Number of Records Compromised in U.S...

...Data Breaches Nears All-Time High While Nearly 90 percent Included Victims’ SSNs


Nearly 1,600 data breaches occurred in the United States in 2017, breaking the annual record of 1,093 that was set just last year. The number of compromised data records, of which 88 percent included Social Security Numbers and 8 percent included payment card numbers, increased to nearly 180 million, the highest total since 2009.


For more than a decade the Identity Theft Resource Center (ITRC) has tallied the number of data breaches and compromised data records in the United States with an extensive year-end report. The ITRC’s 2017 Annual Data Breach Year-End Review showed a continuing trend in that the number of data breaches increased for the third consecutive year, while this has now reached an all-time high at 1,579 confirmed breaches. Prior to 2016, there had been no more than 783 data breaches in a given year, before surpassing the 1,000-mark that year and continuing to ascend beyond 1,500 in 2017.
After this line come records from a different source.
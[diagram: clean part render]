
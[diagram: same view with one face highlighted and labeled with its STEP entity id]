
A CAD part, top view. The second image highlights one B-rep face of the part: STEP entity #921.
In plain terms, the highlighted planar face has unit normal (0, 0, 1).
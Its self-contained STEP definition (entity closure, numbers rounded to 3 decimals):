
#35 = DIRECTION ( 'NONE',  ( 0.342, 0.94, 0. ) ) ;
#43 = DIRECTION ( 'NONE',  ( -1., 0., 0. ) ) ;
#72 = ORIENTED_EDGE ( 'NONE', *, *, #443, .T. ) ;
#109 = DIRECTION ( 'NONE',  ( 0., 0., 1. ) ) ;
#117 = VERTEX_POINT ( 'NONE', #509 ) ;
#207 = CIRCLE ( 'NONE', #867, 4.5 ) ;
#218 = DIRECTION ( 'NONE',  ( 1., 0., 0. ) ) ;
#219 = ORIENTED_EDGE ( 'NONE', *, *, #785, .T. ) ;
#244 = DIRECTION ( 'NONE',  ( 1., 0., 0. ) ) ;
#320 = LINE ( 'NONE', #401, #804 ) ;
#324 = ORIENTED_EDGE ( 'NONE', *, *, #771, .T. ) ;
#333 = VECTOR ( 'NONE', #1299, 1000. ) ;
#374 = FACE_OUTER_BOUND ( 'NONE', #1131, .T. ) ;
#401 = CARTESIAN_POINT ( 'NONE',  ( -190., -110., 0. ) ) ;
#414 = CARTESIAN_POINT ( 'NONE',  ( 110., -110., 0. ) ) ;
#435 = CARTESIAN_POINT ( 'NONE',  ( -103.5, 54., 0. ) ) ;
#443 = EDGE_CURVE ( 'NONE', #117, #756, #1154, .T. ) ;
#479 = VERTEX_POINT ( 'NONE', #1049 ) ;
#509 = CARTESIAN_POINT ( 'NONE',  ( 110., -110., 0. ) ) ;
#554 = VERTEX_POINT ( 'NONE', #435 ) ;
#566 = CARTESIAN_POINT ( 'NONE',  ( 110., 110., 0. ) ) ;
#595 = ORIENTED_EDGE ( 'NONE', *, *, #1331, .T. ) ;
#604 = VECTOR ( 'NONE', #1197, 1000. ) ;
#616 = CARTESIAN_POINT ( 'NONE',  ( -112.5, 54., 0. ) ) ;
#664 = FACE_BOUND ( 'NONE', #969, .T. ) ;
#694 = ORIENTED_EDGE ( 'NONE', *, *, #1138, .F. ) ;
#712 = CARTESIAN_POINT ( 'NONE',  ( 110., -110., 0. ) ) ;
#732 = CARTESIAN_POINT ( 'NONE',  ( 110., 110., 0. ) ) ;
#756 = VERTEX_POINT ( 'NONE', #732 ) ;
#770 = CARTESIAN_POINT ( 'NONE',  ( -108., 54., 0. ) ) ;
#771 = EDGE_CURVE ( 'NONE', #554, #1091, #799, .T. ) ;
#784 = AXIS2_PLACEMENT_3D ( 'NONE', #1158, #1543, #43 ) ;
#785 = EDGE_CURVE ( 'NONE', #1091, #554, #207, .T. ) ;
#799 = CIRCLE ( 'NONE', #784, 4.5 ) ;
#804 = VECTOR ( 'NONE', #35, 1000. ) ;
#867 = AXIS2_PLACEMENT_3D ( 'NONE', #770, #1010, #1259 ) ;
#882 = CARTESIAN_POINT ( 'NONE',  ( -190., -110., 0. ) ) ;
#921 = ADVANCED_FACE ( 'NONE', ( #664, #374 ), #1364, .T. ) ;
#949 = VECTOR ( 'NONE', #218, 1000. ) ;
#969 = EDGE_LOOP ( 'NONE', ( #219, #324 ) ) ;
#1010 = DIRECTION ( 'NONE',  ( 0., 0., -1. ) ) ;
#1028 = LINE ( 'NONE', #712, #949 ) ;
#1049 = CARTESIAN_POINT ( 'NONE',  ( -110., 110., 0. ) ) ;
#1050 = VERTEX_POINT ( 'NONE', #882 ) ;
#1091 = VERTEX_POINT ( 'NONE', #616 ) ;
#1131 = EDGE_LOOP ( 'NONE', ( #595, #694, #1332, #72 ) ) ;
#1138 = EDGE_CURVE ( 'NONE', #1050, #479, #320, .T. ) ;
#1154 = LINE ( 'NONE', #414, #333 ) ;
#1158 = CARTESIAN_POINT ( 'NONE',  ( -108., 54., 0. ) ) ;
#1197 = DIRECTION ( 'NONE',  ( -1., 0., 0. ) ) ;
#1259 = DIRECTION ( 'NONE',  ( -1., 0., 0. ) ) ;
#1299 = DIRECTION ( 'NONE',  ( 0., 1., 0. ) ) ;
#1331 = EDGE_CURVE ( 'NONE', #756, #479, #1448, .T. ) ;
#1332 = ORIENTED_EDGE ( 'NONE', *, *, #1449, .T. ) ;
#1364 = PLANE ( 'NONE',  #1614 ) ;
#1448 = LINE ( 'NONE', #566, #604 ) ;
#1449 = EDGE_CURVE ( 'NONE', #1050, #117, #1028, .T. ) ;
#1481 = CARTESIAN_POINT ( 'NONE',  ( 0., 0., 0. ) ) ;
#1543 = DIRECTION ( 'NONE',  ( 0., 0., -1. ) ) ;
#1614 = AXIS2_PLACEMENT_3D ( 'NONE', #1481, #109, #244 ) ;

Although suffering more than 1,000 data breaches in 2016, the silver lining was that the number of compromised data records fell significantly compared to the previous two years. Unfortunately, this sudden drop in compromised identity data records was short-lived, as the number of stolen data records leaped back to 178.9 million records in 2017. This marks the second-highest annual number of data breach records in the U.S. and the most compromised identities since 223 million were implicated in data breaches in 2009, when a Heartland Payment Systems data breach was responsible for 130 million.


The below chart shows the number of data breaches that occurred and the total number of records compromised each year from 2009 to 2017 as reported by the ITRC. While there is a clear upward trend in the number of data breaches over this time, the number of compromised data records fluctuates greatly. This is particularly true over the past three years, when stolen data records ballooned to 169 million in 2015 before falling to 36.6 million in 2016, and then increasing nearly five-fold in 2017.


Beyond understanding the number of data breaches that recently occurred and how many records were compromised, it is also important to consider what type of identity data was stolen. According to the ITRC, about 53 percent of data breaches involved Social Security Numbers while 19 percent of the data breaches that occurred in 2017 included credit or debit card numbers. Data breaches involving Social Security Numbers, however, plundered more loot. Looking at the total number of compromised data records, just 8 percent involved payment card numbers while more than 88 percent, nearly nine-in-ten, involved Social Security Numbers.


These figures imply there were more than 14.2 million payment card numbers compromised in the United States in 2017 and nearly 158 million Social Security Numbers, with these stolen identities being sold in the black market or used directly by fraudsters.